§ Problem:
Copy the data below exactly. Any pictures in it should be omitted.

---

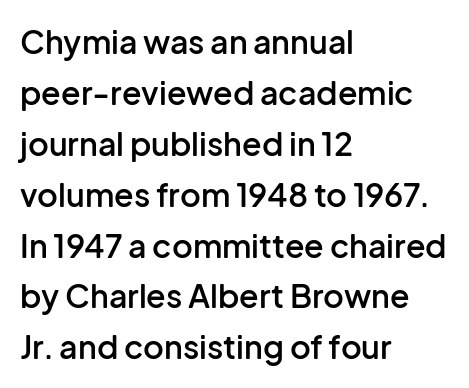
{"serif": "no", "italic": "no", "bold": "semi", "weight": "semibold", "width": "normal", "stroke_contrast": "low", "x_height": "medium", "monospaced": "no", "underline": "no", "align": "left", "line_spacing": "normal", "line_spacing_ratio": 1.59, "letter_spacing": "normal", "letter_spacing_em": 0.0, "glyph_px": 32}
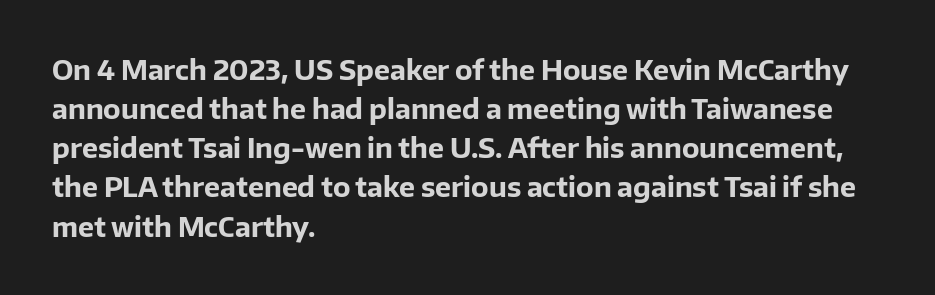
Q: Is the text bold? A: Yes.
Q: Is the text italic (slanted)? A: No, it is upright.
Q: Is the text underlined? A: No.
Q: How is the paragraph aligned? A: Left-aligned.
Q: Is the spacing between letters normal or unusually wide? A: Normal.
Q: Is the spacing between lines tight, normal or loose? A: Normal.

---

§ Result below:
{"serif": "no", "italic": "no", "bold": "semi", "weight": "semibold", "width": "normal", "stroke_contrast": "low", "x_height": "medium", "monospaced": "no", "underline": "no", "align": "left", "line_spacing": "normal", "line_spacing_ratio": 1.59, "letter_spacing": "normal", "letter_spacing_em": 0.0, "glyph_px": 32}
Q: Is the text bold? A: Yes.
Q: Is the text italic (slanted)? A: No, it is upright.
Q: Is the text underlined? A: No.
Q: How is the paragraph aligned? A: Left-aligned.
Q: Is the spacing between letters normal or unusually wide? A: Normal.
Q: Is the spacing between lines tight, normal or loose? A: Normal.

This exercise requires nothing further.